A CFD (Contract for Difference) is a way to bet on whether a stock or index will rise or fall. You never own the asset. CFDs are controversial, but extremely useful because they let you make money even if prices are falling.

Start with a free demo account where you are not putting your hard-earned cash on the line.

A CFD is a short-term bet. Close the contract at the end of the day. Set up stop-loss, and take-profit points where you terminate the contract automatically.

One Good Reason to Buy Bitcoin

If share prices fall, you might think of buying Bitcoin to hold for the medium term because its price tends to rise when markets are falling.

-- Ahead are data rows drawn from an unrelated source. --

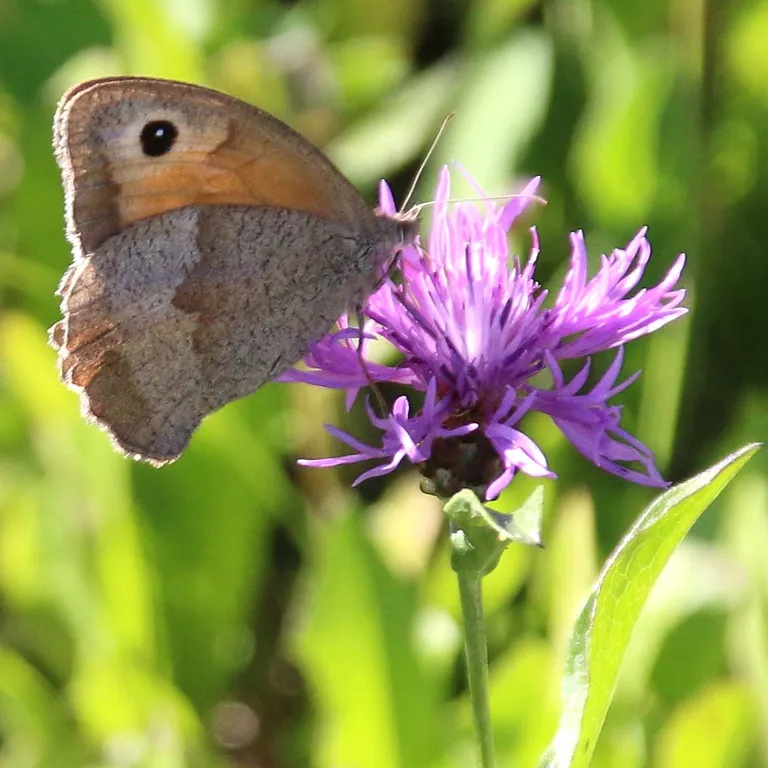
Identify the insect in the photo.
Maniola jurtina
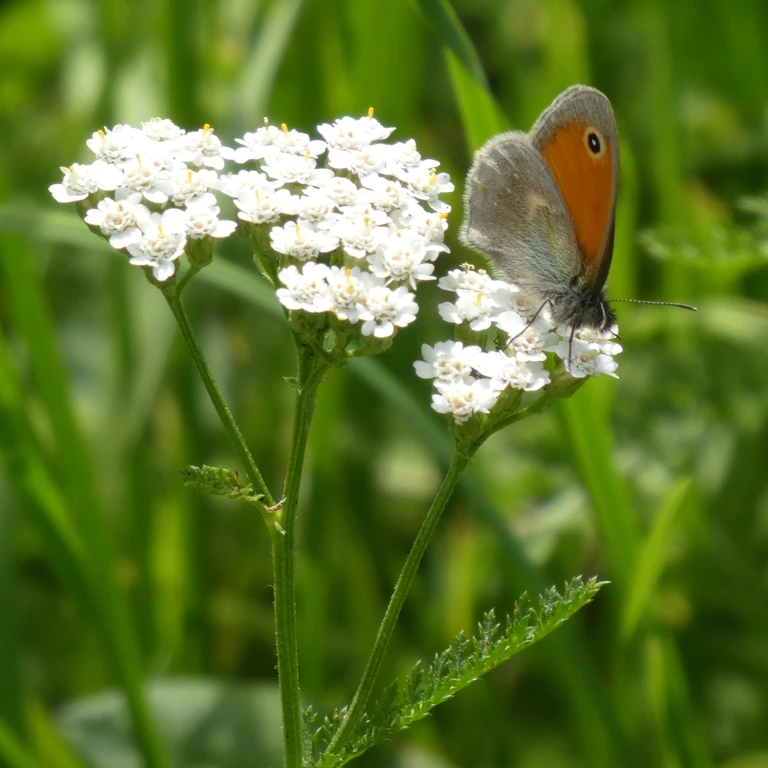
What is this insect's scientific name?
Coenonympha pamphilus
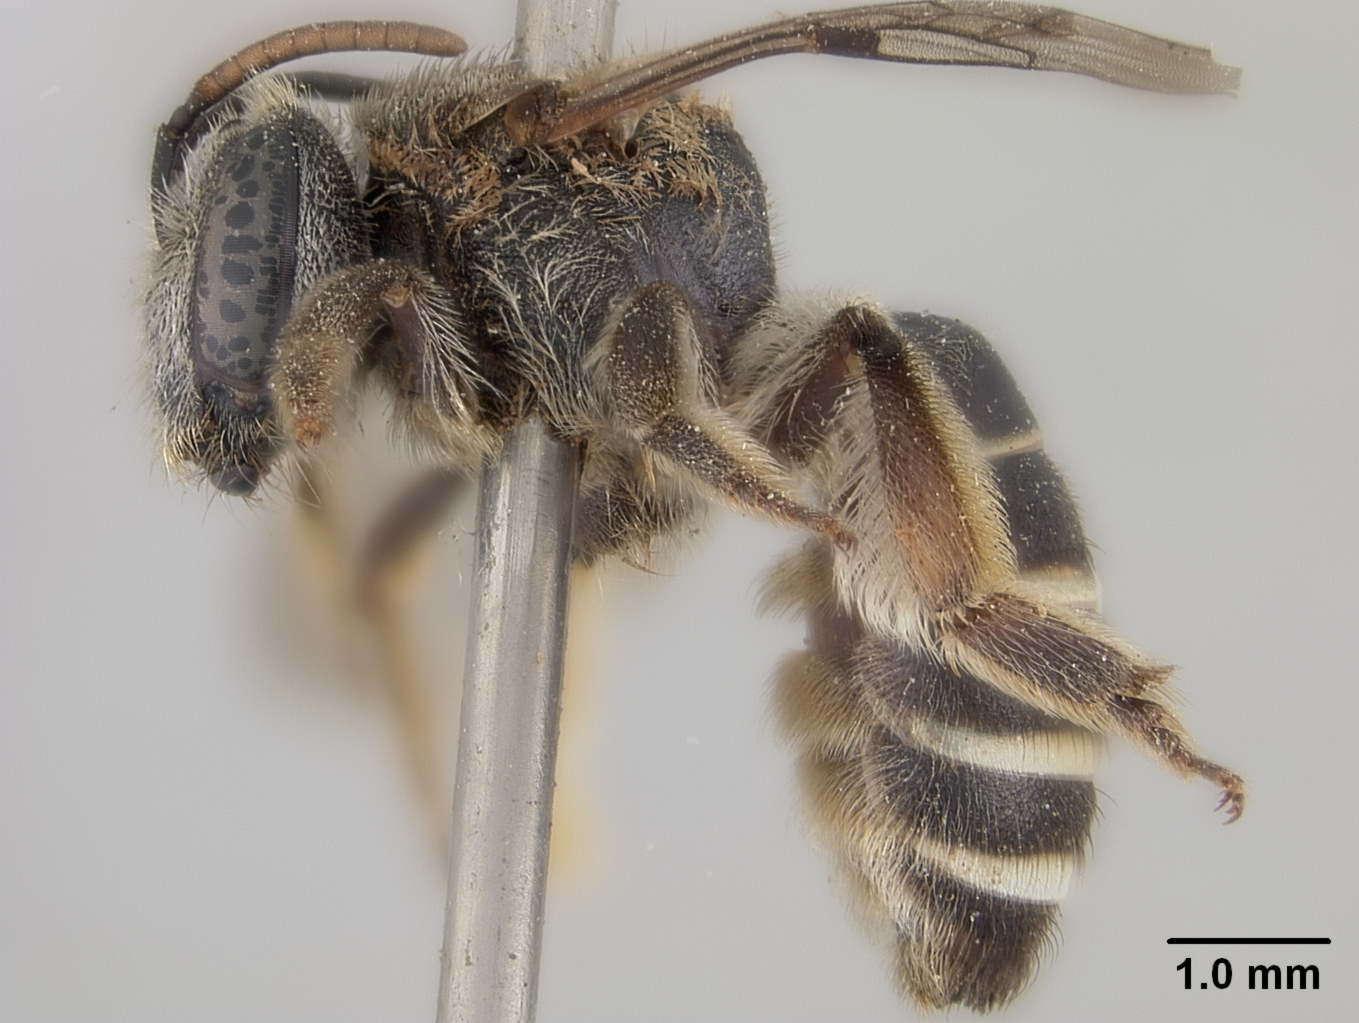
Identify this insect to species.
Nomia perconcinna
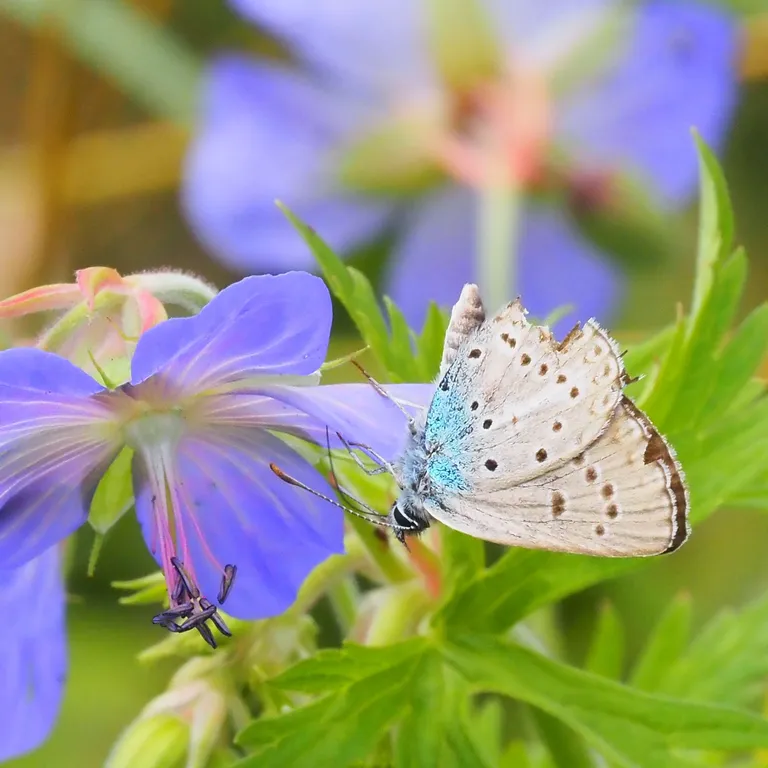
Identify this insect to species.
Eumedonia eumedon
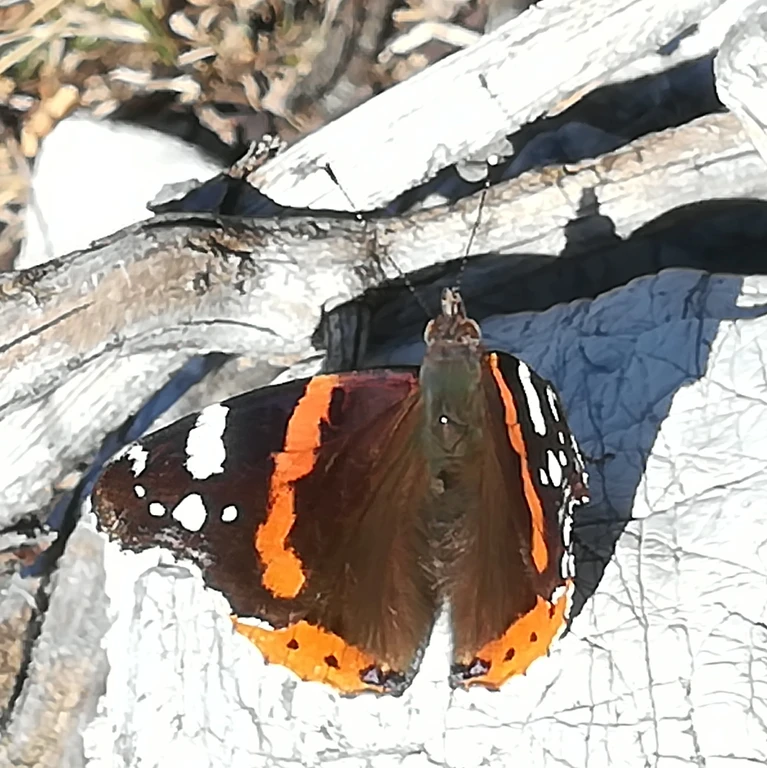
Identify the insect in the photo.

Changing Your Life, One Trade at a Time

Get your feet wet slowly.

  1. Start following the financial news online and in your newspapers. You have a massive amount to learn BEFORE you even start virtual trading.
  2. Read, study, and learn how the stock market works. Understand the factors that have caused stock price movements in the past. Get your head around candlestick charts and moving average graphs.
  3. THEN, create a free virtual trading account at a stockbroker’s website. Use only virtual trading until you are consistently making more profitable trades than losing ones.
  4. Once you are confident with the steps above, open a trading account with a broker.
  5. Open a trade in an index. An index gives you a way to diversify your holdings, even with a few hundred dollars. Diversifying is essential to reduce your exposure risk to any one company or sector.
  6. Close your trade by the end of the day because you don’t want the price to crash while you are asleep, even if you have set a stop-loss position.
  7. Rinse and repeat Steps 5 and 6.

Disclaimer: This article is provided for informational purposes only. It is not offered or intended to be used as legal, tax, investment, financial, or other advice.